In conclusion, we find no reversible error in the instructions, other than error that need not be considered in view of our ruling as to damages, hereinafter to be discussed.

C. Was there error in rulings on admission and rejection of evidence?

1. As to Liability

Appellants urge that much evidence offered by them was wrongfully excluded by the trial court. They charge that this evidence went not only to the measure of damages, but to causation and liability. Motions for a directed verdict and for judgment non obstante veredicto were made, not only upon the grounds that plaintiffs had failed to prove (a) any con•duct outside the agricultural cooperatives’ exemptions; (b) any combination or conspiracy to restrain trade, or (c) any monopoly control or capacity or intent, but also upon the grounds (d) that plaintiffs had failed to prove injuries proximately resulting from any act of defendants, or (e) the amount of any damages claimed to have resulted to plaintiffs.

When Winekler asked in his second conversation with Finley for a contract similar to the TreeSweet and Silzle contracts, he was told he could not have the same type of contract. “I told him I ■* * * was having plenty of trouble * * * with those we did have contracts with wanting more fruit, rather than less fruit, so I just couldn’t give him a contract and cut off our old customers.”
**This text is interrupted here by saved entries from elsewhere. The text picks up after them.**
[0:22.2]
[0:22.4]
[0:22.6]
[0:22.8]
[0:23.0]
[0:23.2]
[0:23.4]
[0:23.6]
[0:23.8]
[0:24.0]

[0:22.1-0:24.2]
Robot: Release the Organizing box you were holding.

Appellants sought to introduce evidence “heard from others in the industry” that Winekler & Smith’s juice was regularly watered and adulterated, and was of poor and inferior quality, and that ■such facts were in defendants’ corporate “mind” when it refused to deal with Winekler & Smith in 1951, and this excused its “refusal” to so deal. This, of course, was, if admissible, material not only on the issue of liability, but also on the nature and extent of damages that proximately resulted from any liability found.
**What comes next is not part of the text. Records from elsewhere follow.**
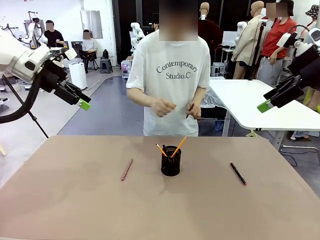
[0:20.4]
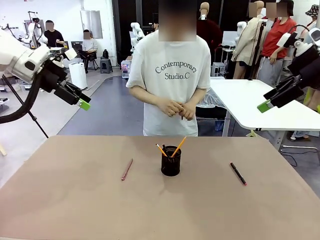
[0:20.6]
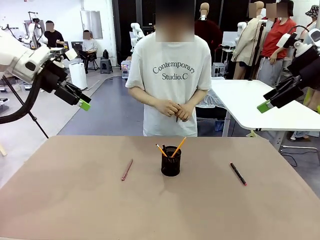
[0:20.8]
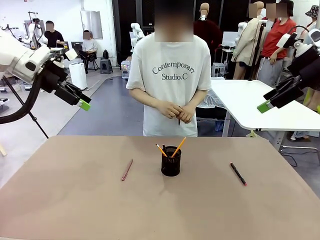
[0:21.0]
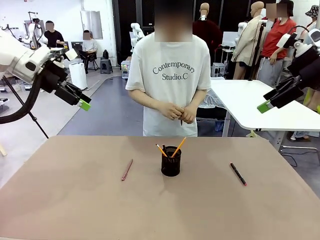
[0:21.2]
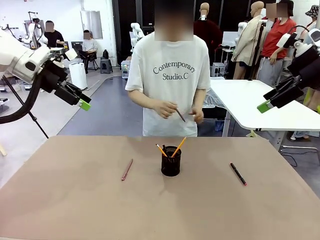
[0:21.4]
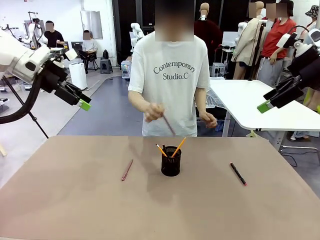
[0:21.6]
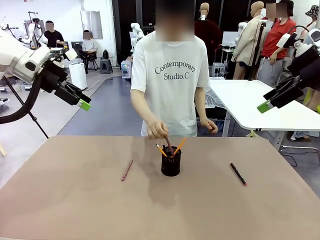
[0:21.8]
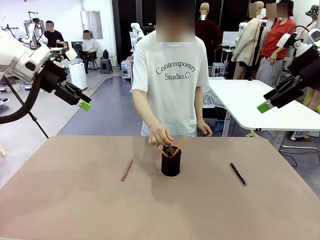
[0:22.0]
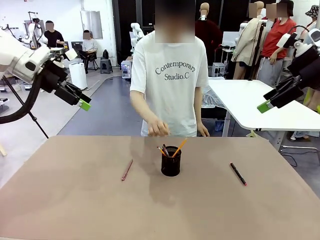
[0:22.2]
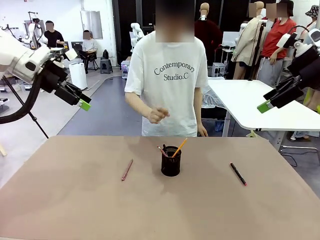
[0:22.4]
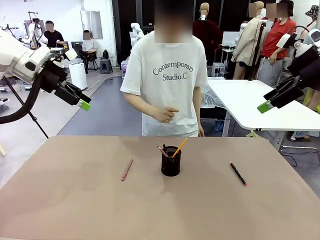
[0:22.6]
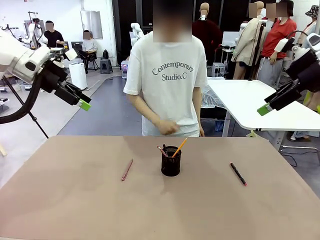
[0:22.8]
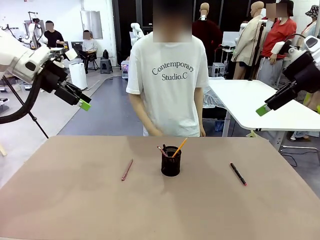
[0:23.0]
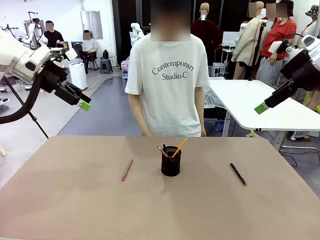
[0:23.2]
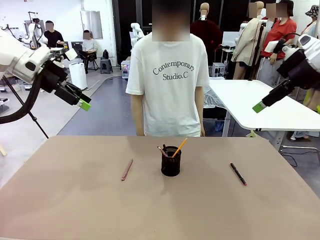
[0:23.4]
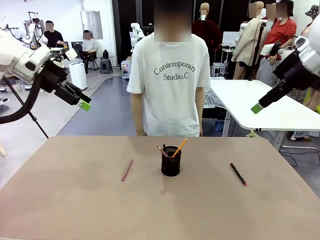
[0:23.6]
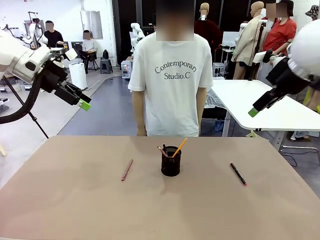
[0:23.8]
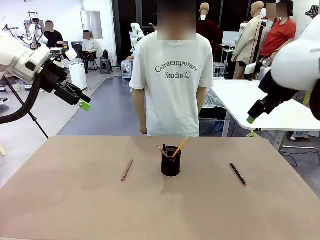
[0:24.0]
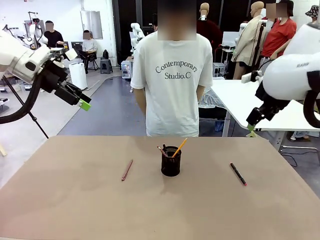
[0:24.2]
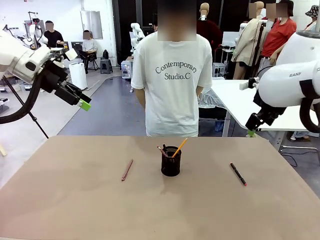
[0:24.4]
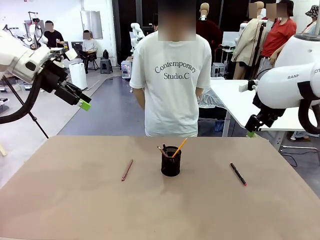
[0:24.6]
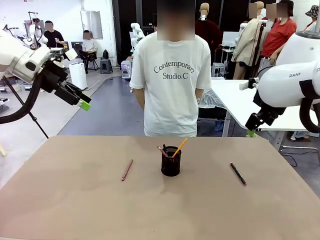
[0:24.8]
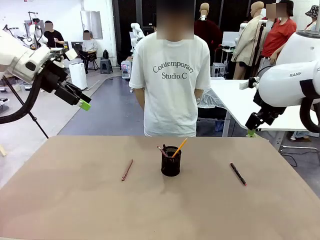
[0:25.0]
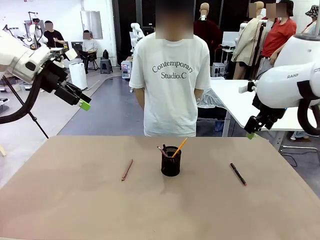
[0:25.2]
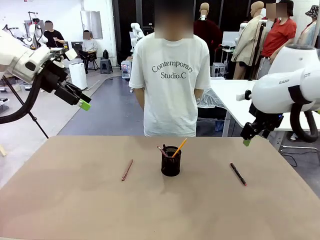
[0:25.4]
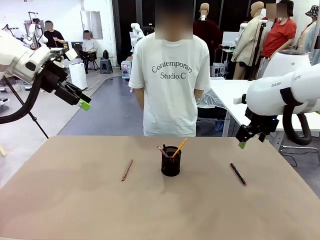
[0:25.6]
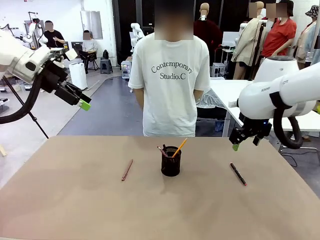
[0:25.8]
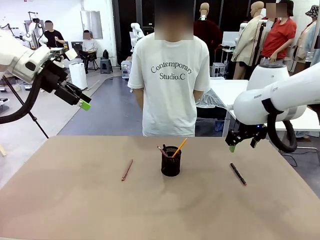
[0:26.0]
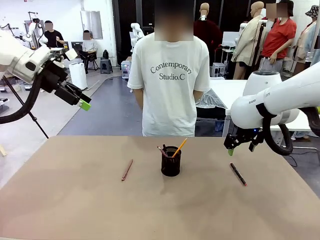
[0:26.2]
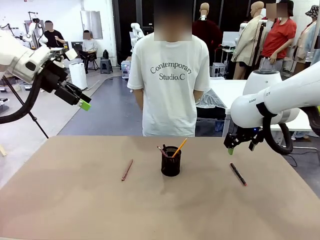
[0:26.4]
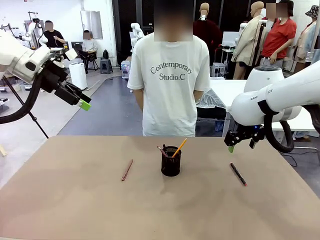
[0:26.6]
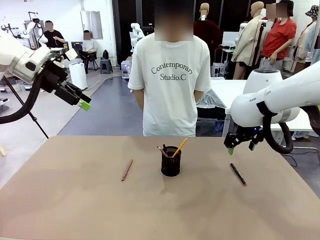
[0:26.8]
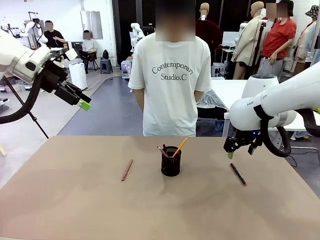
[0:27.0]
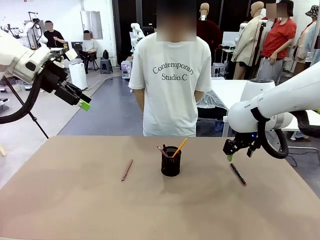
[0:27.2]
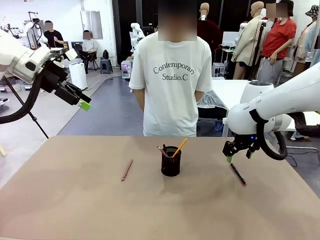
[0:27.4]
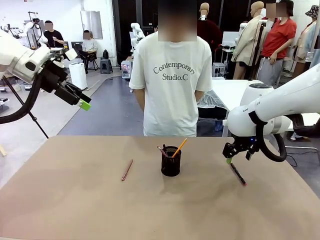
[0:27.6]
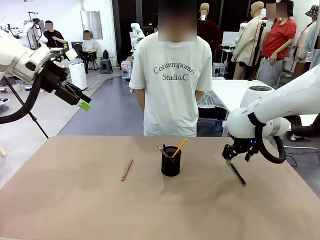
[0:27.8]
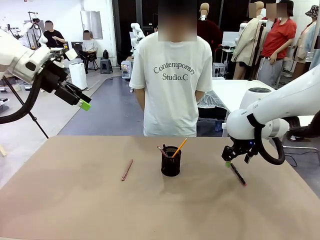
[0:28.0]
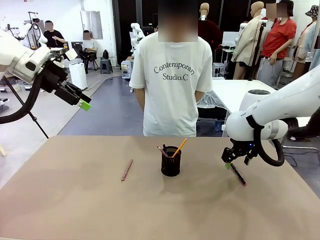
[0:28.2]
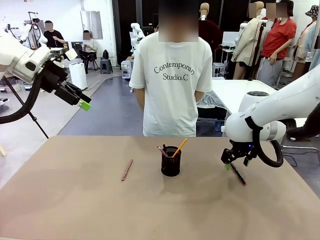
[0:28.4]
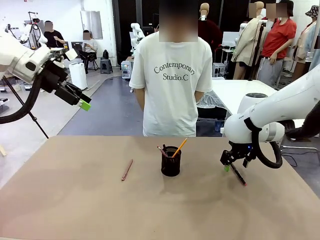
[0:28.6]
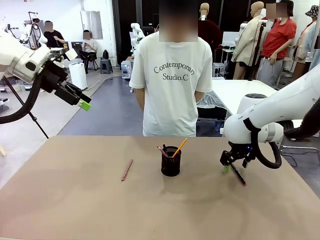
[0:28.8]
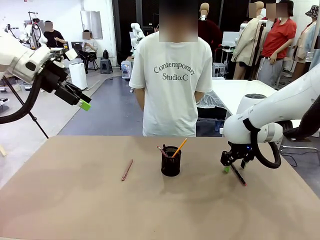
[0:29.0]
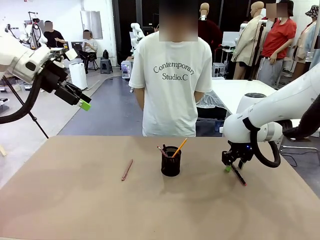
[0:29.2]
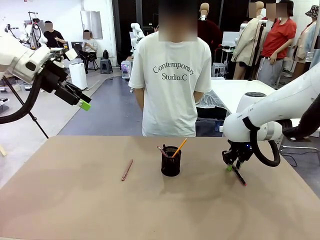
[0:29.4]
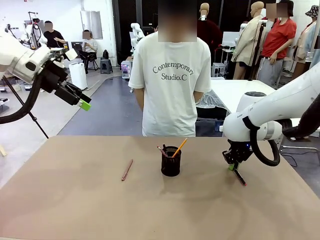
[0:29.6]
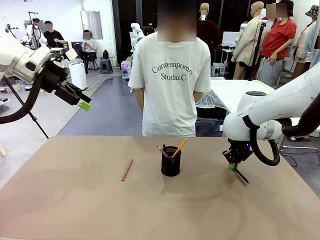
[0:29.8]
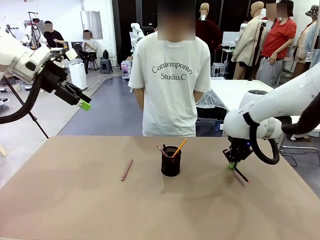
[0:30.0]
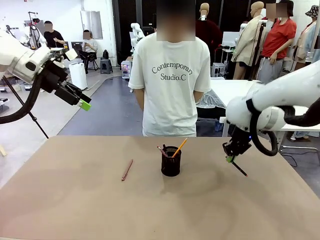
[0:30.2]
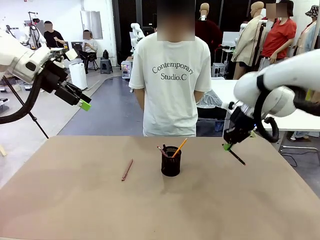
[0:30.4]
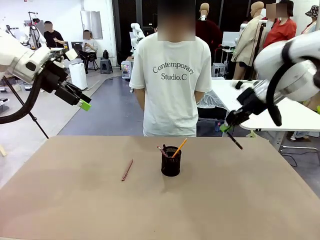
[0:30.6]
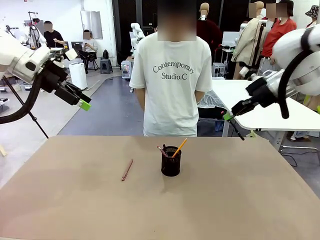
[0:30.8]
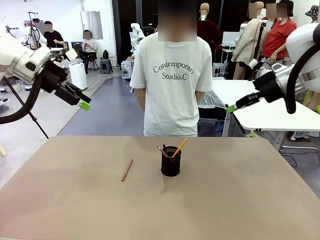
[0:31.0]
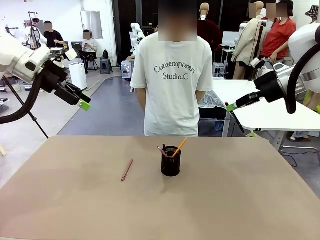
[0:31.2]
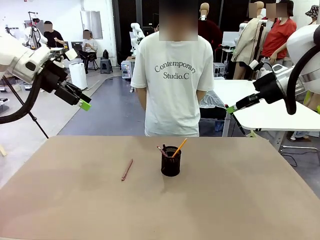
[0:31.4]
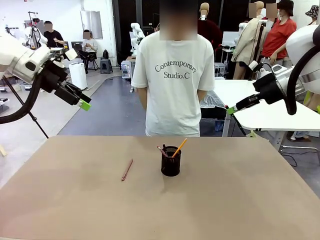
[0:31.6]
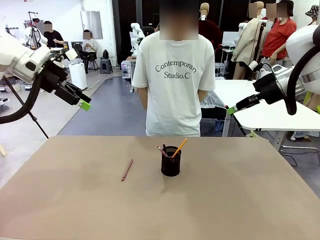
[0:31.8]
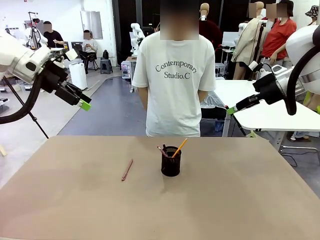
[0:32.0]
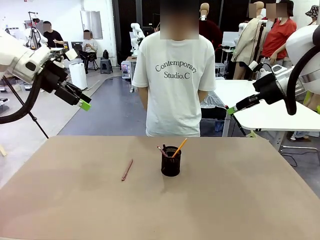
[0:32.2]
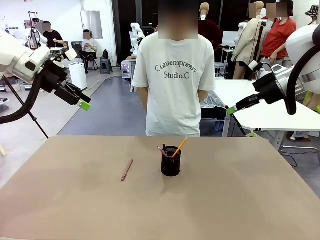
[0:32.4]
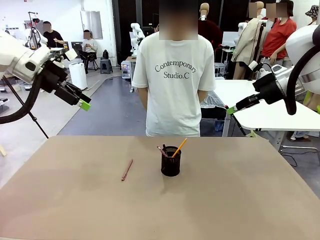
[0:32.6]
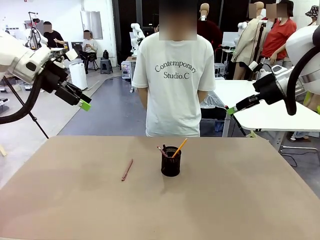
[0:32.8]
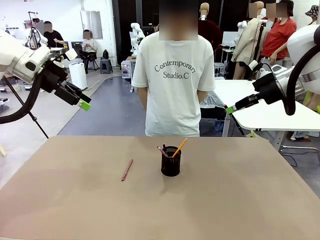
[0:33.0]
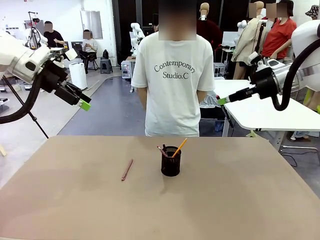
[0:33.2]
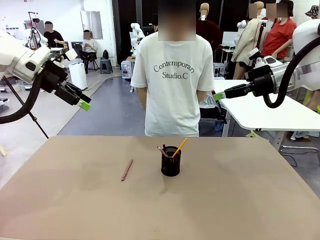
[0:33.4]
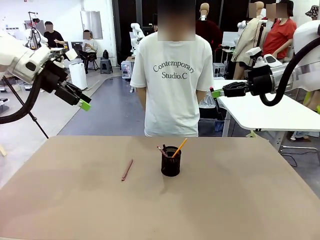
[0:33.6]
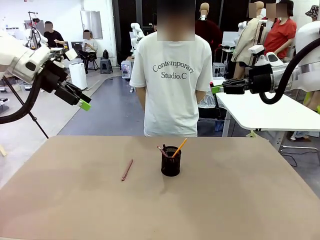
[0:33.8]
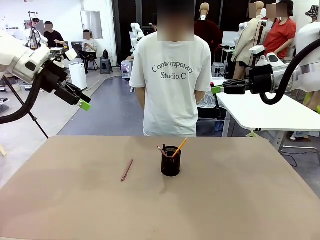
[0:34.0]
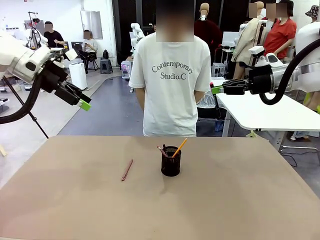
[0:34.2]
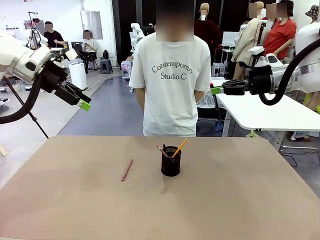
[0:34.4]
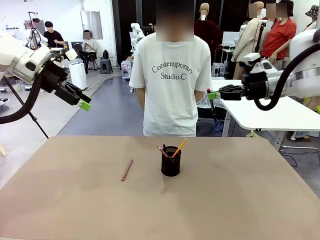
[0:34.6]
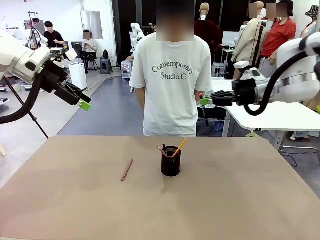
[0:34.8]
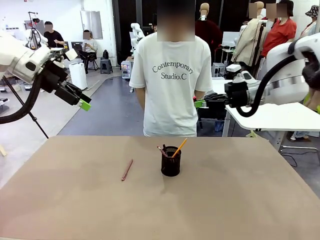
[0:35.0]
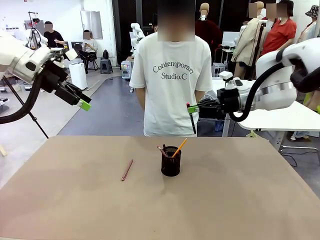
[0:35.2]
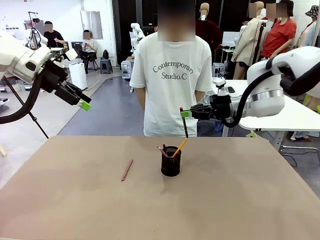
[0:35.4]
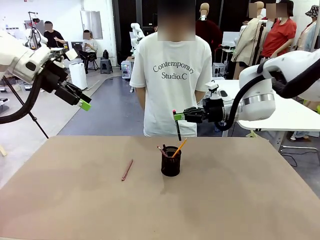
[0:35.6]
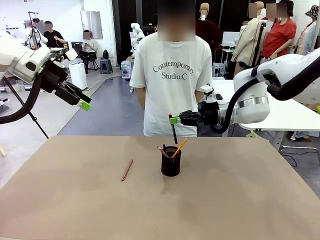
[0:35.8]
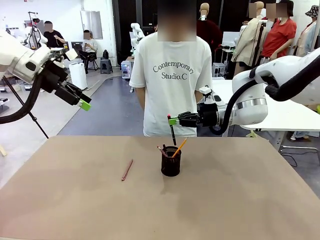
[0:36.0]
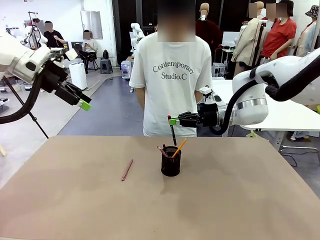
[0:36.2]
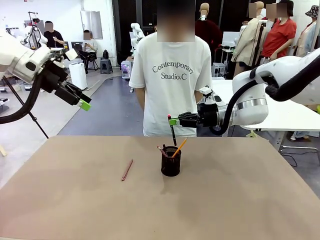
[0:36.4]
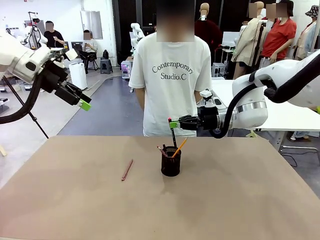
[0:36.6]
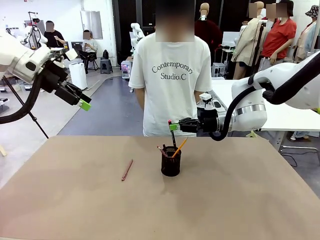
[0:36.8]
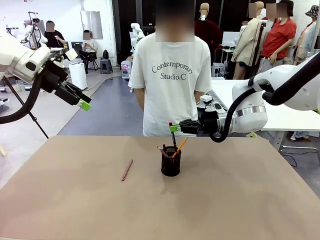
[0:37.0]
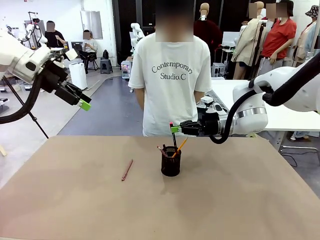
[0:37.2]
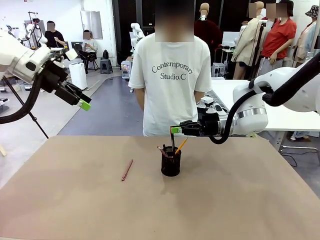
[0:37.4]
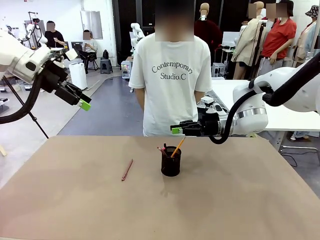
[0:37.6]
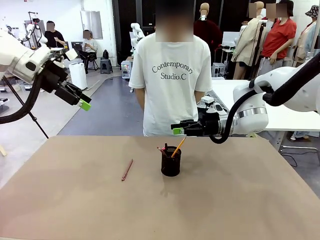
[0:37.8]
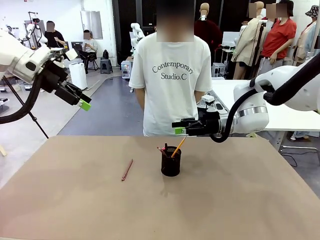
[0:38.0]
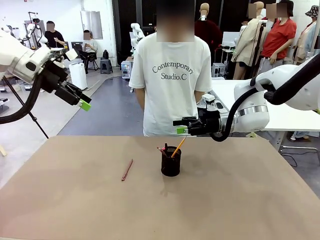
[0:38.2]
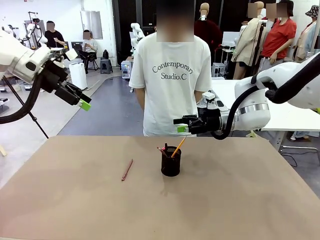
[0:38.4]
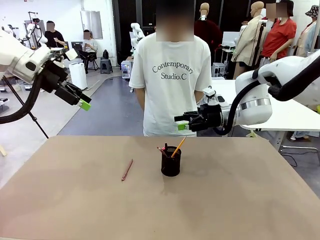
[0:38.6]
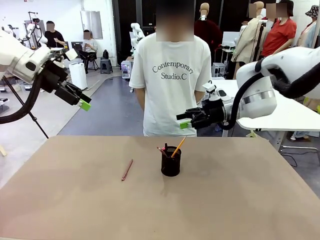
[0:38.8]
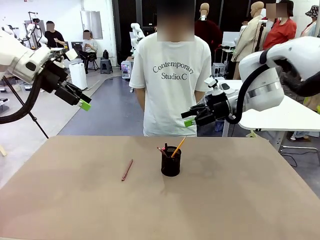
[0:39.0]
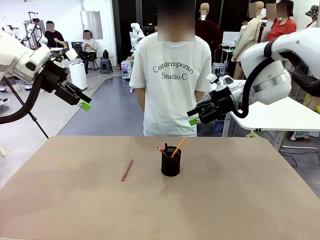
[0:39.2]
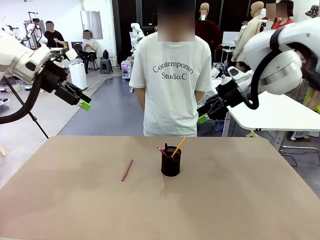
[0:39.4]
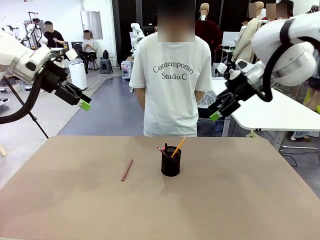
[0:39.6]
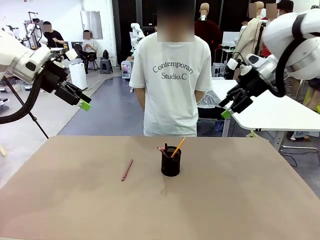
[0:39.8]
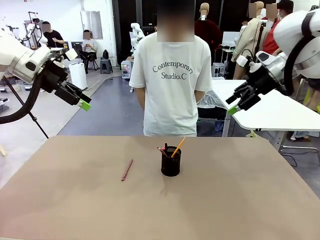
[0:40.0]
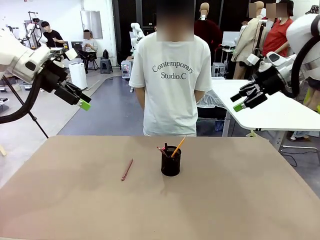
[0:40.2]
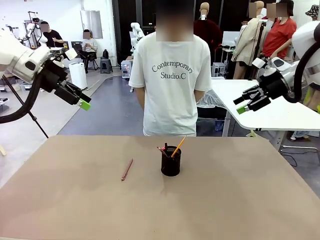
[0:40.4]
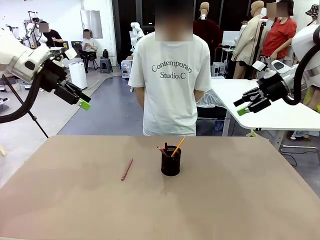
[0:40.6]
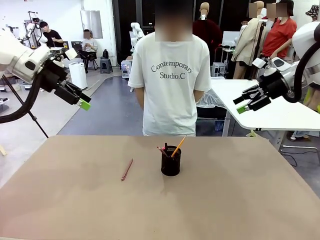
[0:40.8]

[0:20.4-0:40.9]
Task: Place the pens into the pen holder.
Robot: Pick up a writing instrument from the table and place it into the Pen holder.

The difficulty with appellants’ position with respect to admissibility on the question of liability was that specific information as to such “watering” had not reached the appellants at the time of their “refusal” in 1951. They had suspected that such facts existed; there had been rumors thereof, but no substantiation amounting to proof. We take it if a person charged with making a decision (which may or may not be a violation of law, dependent upon the intent and purpose and effect which accompanies it) is willing to rest such decision on surmise, suspicion, conjecture, and intuition, he has that right, but so acts at his peril. He may be called upon to justify it. Subsequently discovered facts cannot be introduced to fortify the strength of the facts upon which such previous surmise, conjecture and suspicion was based, but subsequently discovered facts could be utilized as a defense to the amount of damages claimed to have proximately flowed as a result of defendants’ actions, whether such facts were known or unknown at the time the decision was made.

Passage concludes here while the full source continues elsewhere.